> What you need to do
Below are the entries; output exactly the lines from the one containing "land cover: Sunflower" through the final line, inclusive.

Recorded data
Start of Block

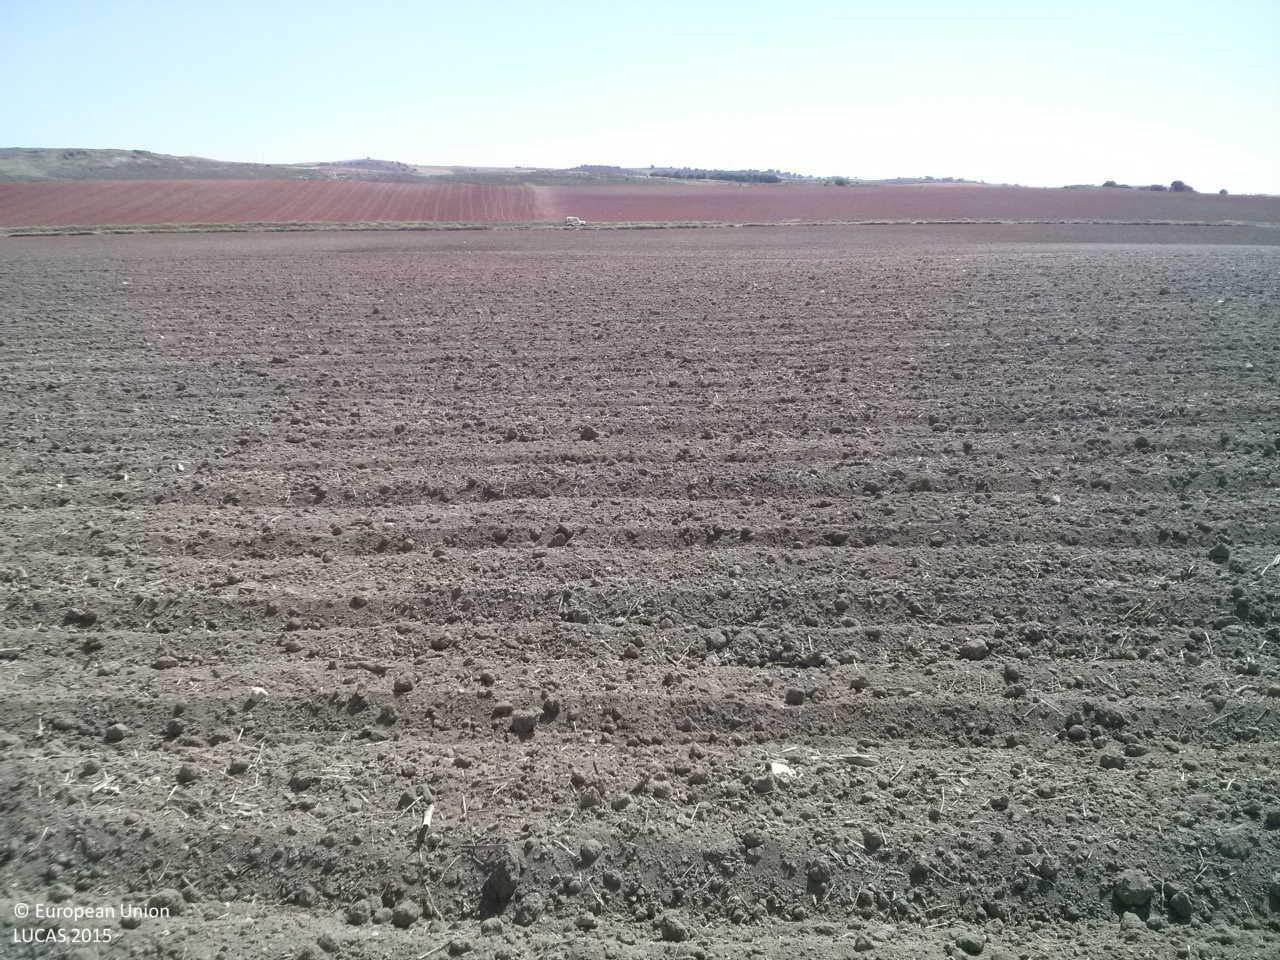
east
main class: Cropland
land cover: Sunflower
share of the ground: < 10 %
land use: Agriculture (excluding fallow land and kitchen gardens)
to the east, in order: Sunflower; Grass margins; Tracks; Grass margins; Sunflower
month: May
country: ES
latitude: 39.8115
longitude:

End of Block

> Response area
land cover: Sunflower
share of the ground: < 10 %
land use: Agriculture (excluding fallow land and kitchen gardens)
to the east, in order: Sunflower; Grass margins; Tracks; Grass margins; Sunflower
month: May
country: ES
latitude: 39.8115
longitude:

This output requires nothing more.